- _Required action_: Write out the listing below character for character, though without its pictures.

=== Begin Enclosure ===

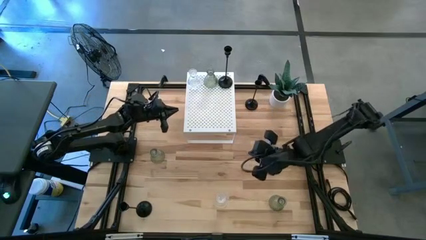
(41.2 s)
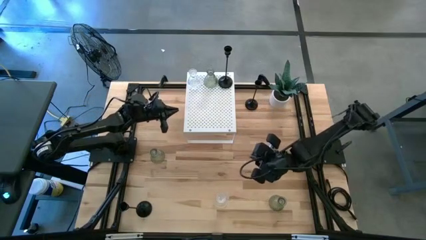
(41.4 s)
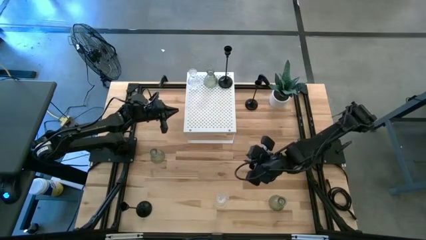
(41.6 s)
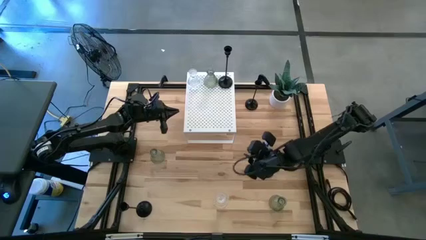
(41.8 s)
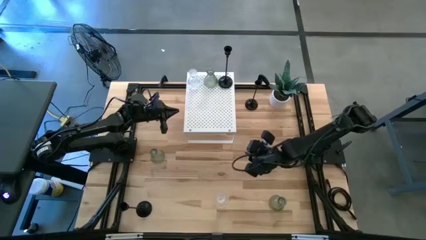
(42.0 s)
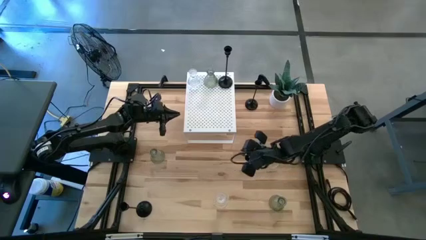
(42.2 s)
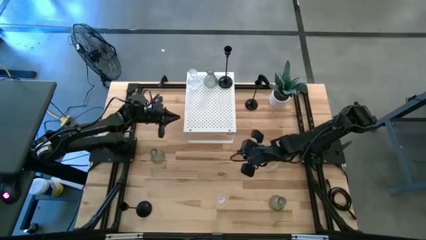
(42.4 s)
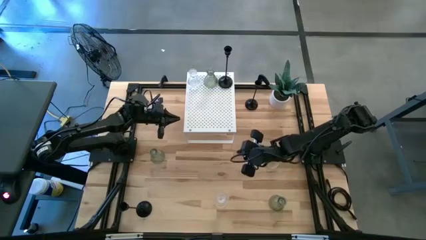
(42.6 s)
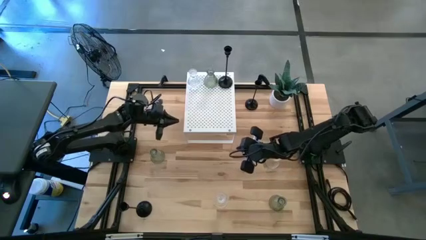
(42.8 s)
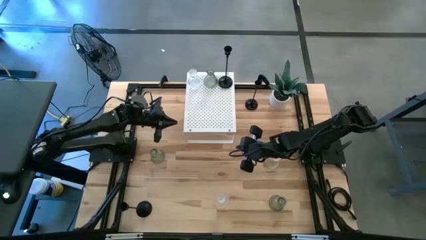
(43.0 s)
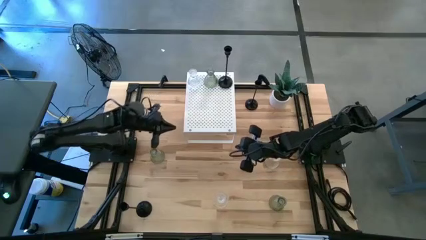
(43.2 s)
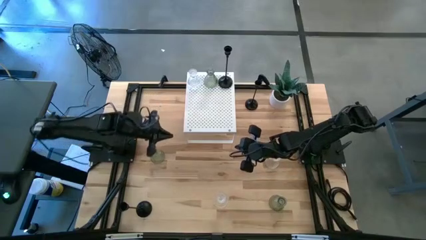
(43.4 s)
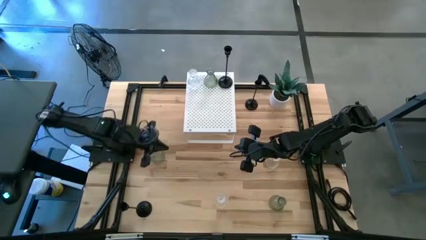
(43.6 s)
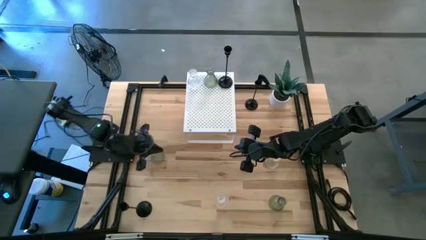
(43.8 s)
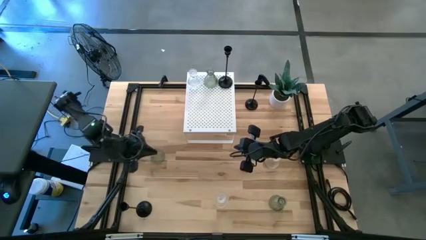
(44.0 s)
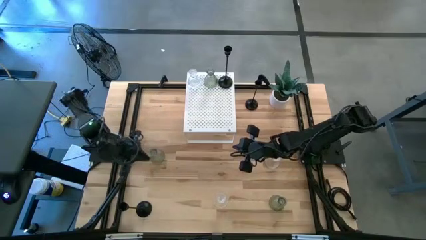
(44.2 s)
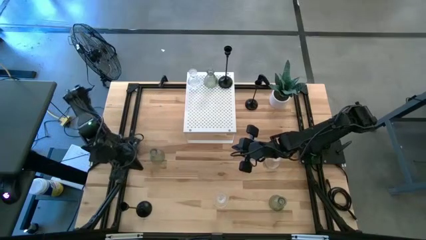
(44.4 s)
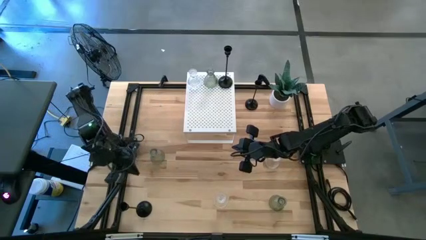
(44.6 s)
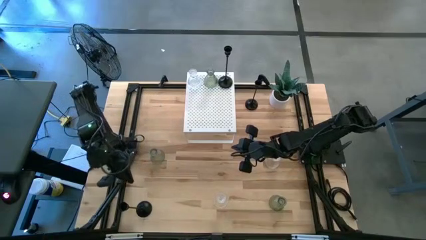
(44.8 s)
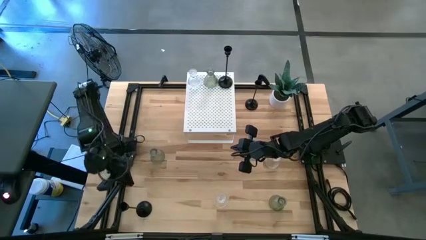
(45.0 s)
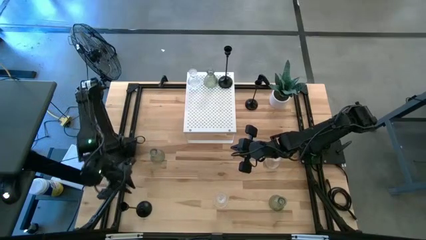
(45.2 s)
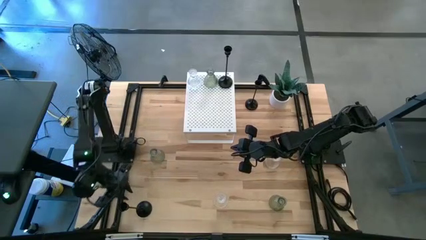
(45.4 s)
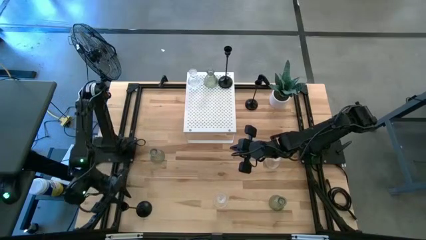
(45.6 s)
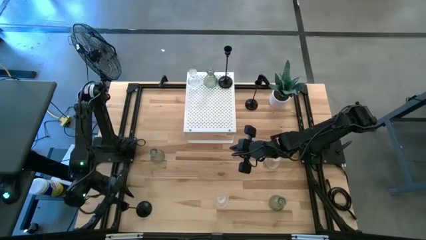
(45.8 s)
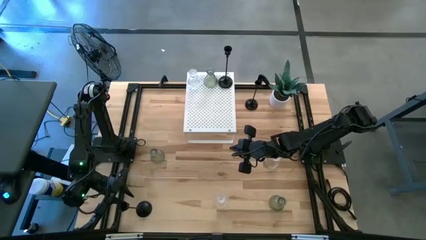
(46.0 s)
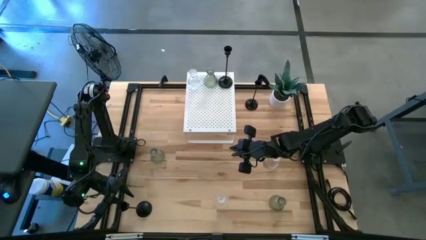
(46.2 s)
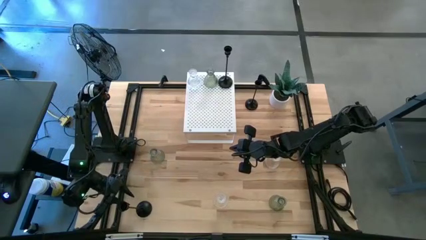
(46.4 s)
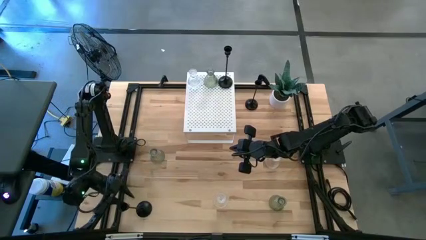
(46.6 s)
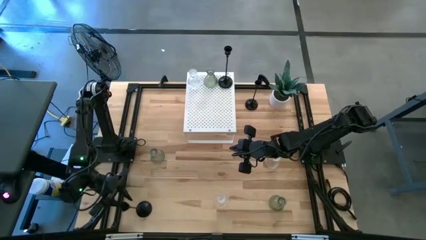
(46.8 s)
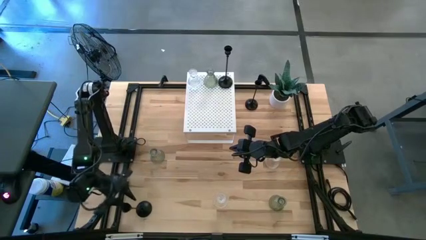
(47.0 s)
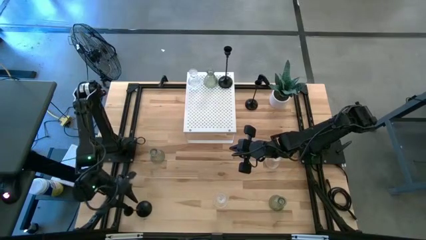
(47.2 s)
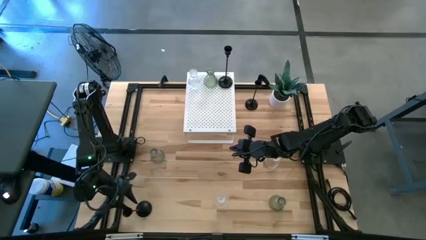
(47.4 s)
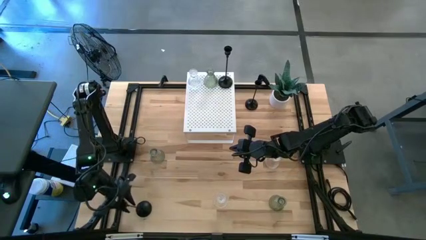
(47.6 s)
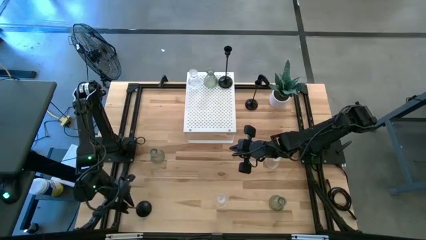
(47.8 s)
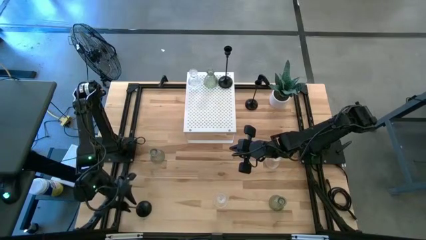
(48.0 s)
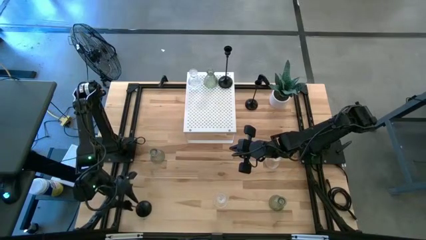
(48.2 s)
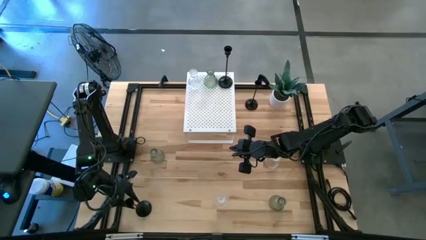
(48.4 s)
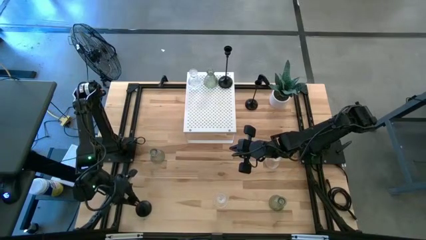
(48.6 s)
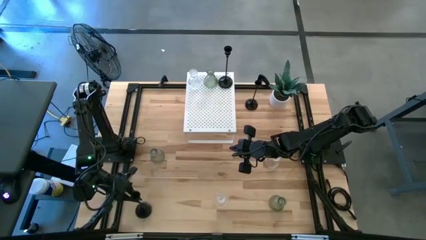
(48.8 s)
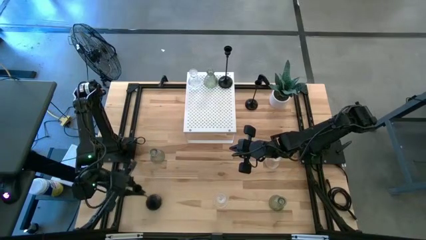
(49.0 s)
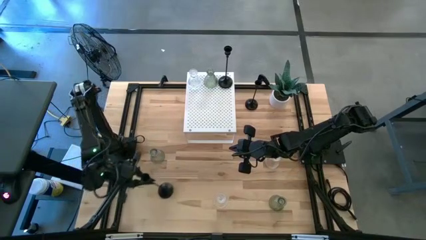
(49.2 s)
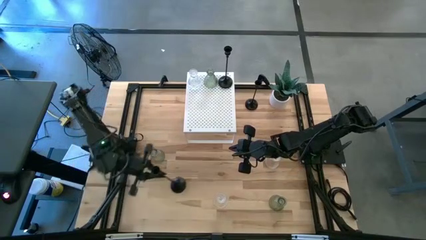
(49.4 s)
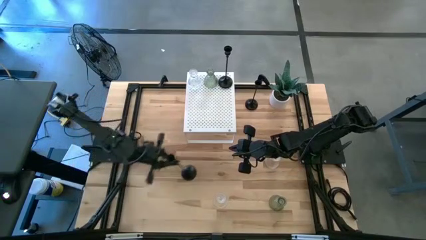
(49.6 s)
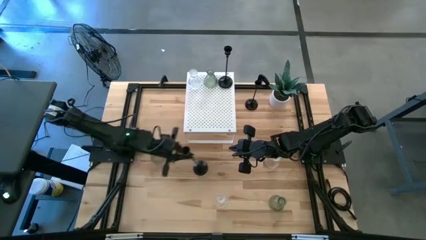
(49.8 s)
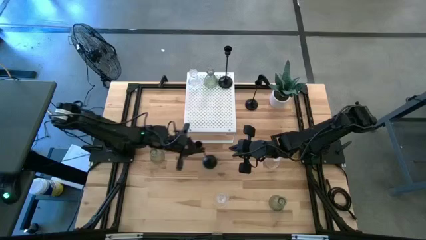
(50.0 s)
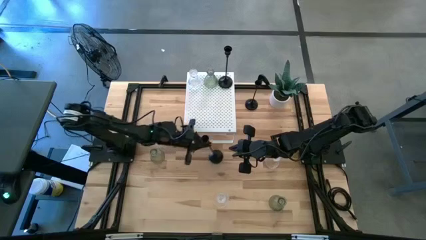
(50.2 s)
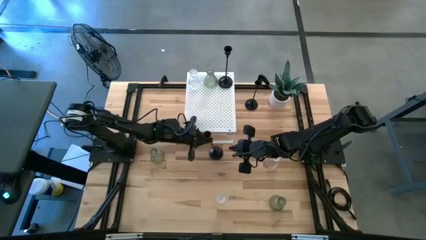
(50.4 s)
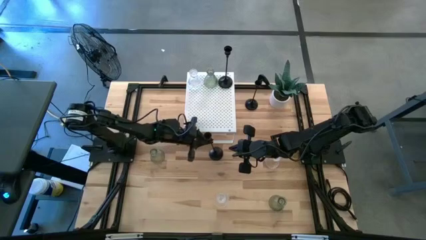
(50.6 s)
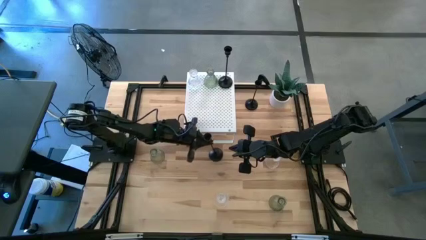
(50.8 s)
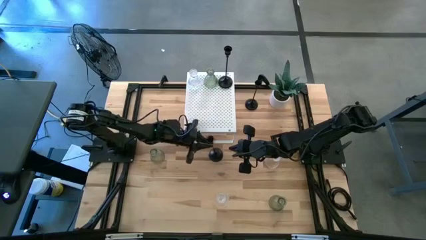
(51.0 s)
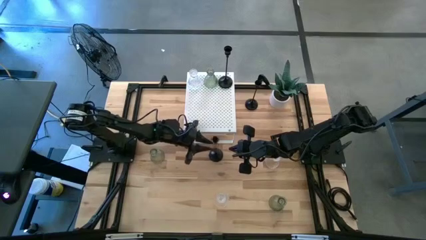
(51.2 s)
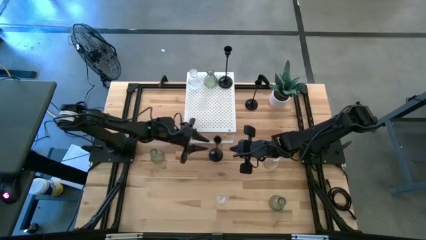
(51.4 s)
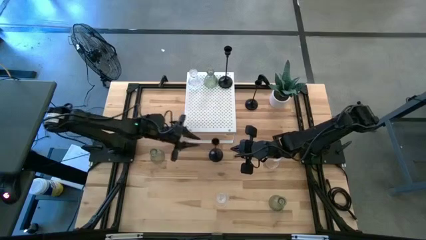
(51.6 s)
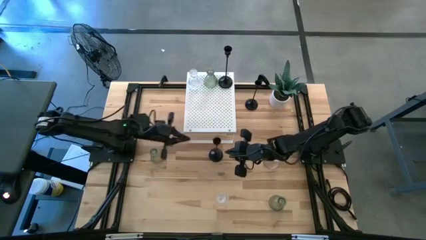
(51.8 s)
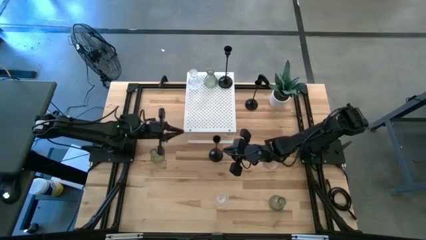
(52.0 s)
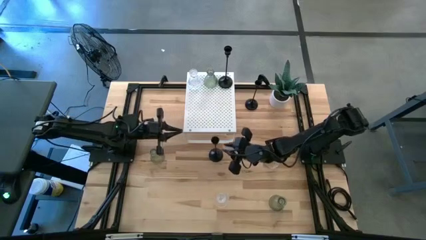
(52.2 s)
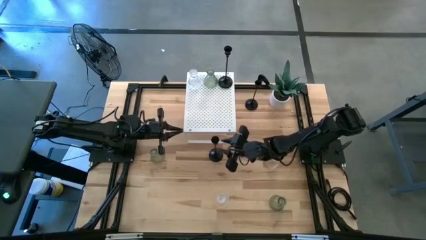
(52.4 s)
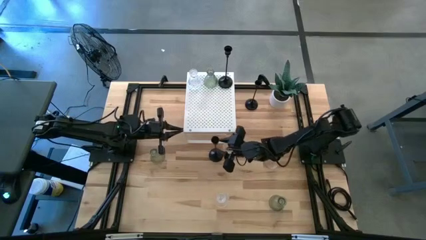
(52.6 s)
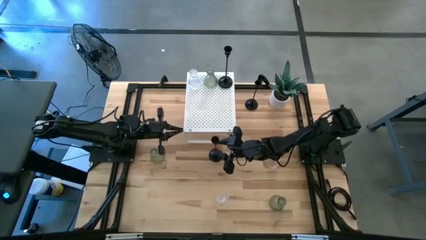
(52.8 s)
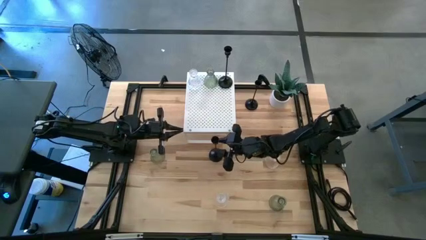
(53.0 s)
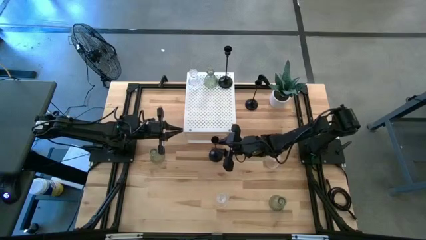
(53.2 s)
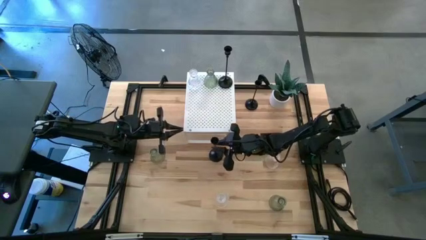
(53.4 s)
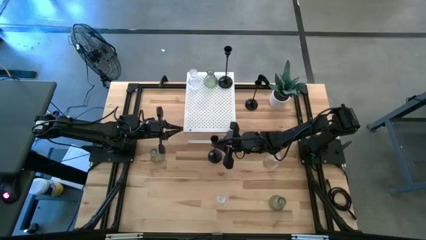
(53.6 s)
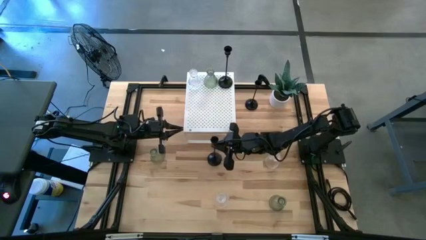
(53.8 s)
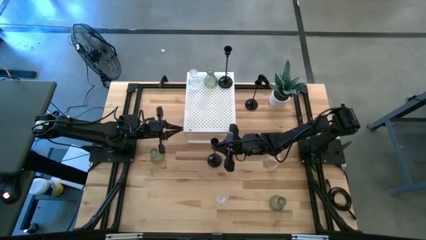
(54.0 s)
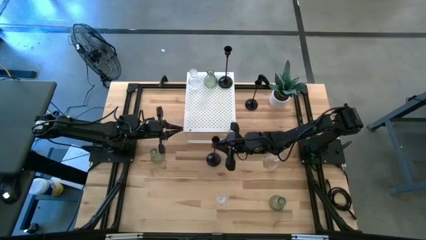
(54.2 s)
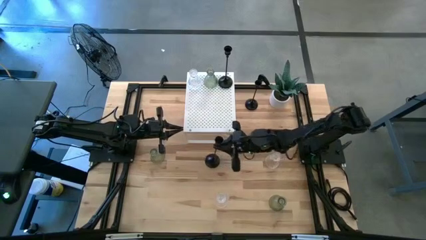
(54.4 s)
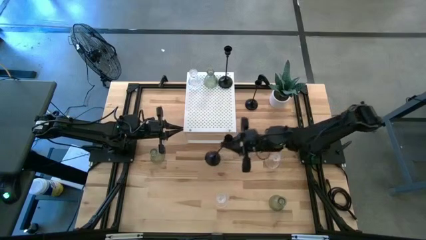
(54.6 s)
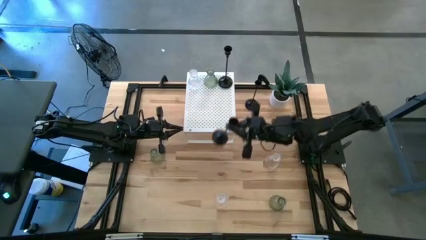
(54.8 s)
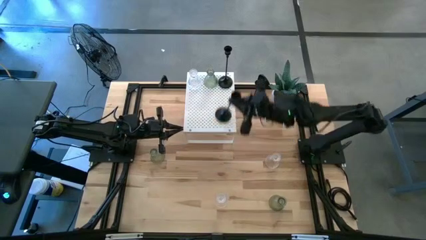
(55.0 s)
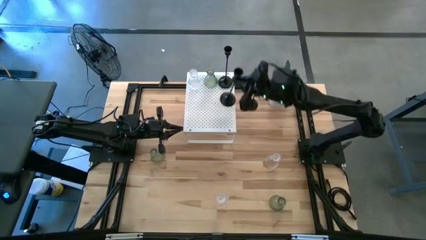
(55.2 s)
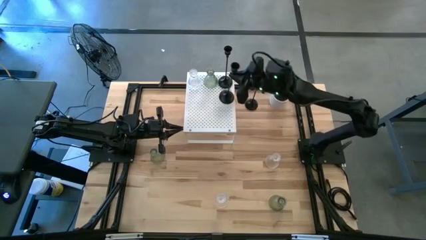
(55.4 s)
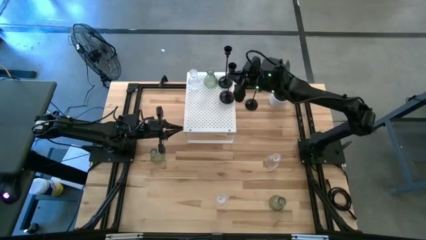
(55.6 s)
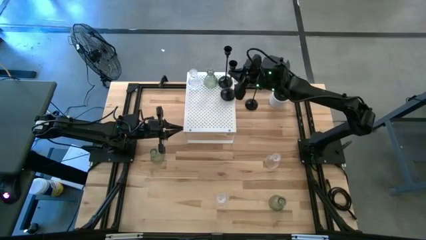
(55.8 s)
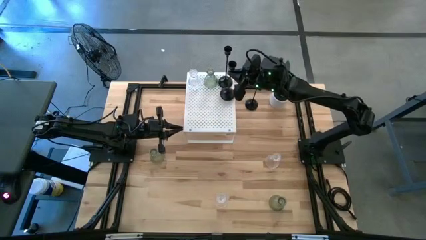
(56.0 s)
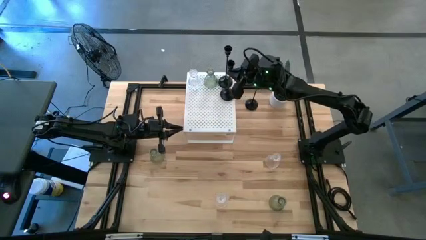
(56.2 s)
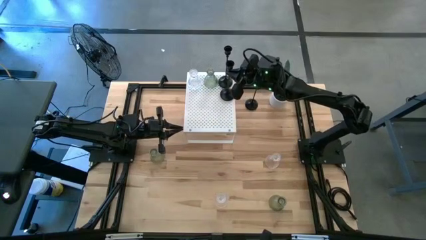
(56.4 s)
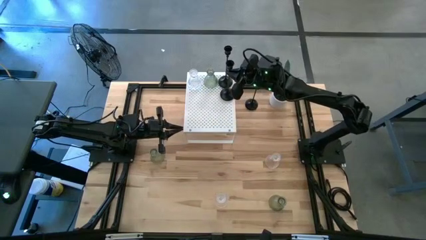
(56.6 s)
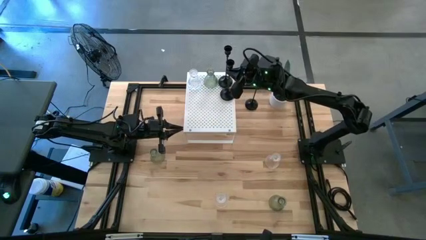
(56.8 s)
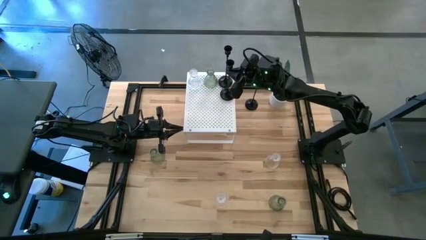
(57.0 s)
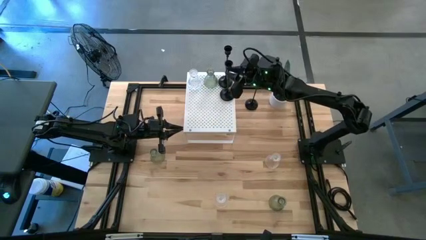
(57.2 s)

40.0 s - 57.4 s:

=== End Enclosure ===

- _Result of this task_:
(41.2 s)
(41.4 s)
(41.6 s)
(41.8 s)
(42.0 s)
(42.2 s)
(42.4 s)
(42.6 s)
(42.8 s)
(43.0 s)
(43.2 s)
(43.4 s)
(43.6 s)
(43.8 s)
(44.0 s)
(44.2 s)
(44.4 s)
(44.6 s)
(44.8 s)
(45.0 s)
(45.2 s)
(45.4 s)
(45.6 s)
(45.8 s)
(46.0 s)
(46.2 s)
(46.4 s)
(46.6 s)
(46.8 s)
(47.0 s)
(47.2 s)
(47.4 s)
(47.6 s)
(47.8 s)
(48.0 s)
(48.2 s)
(48.4 s)
(48.6 s)
(48.8 s)
(49.0 s)
(49.2 s)
(49.4 s)
(49.6 s)
(49.8 s)
(50.0 s)
(50.2 s)
(50.4 s)
(50.6 s)
(50.8 s)
(51.0 s)
(51.2 s)
(51.4 s)
(51.6 s)
(51.8 s)
(52.0 s)
(52.2 s)
(52.4 s)
(52.6 s)
(52.8 s)
(53.0 s)
(53.2 s)
(53.4 s)
(53.6 s)
(53.8 s)
(54.0 s)
(54.2 s)
(54.4 s)
(54.6 s)
(54.8 s)
(55.0 s)
(55.2 s)
(55.4 s)
(55.6 s)
(55.8 s)
(56.0 s)
(56.2 s)
(56.4 s)
(56.6 s)
(56.8 s)
(57.0 s)
(57.2 s)

40.0 s - 57.4 s:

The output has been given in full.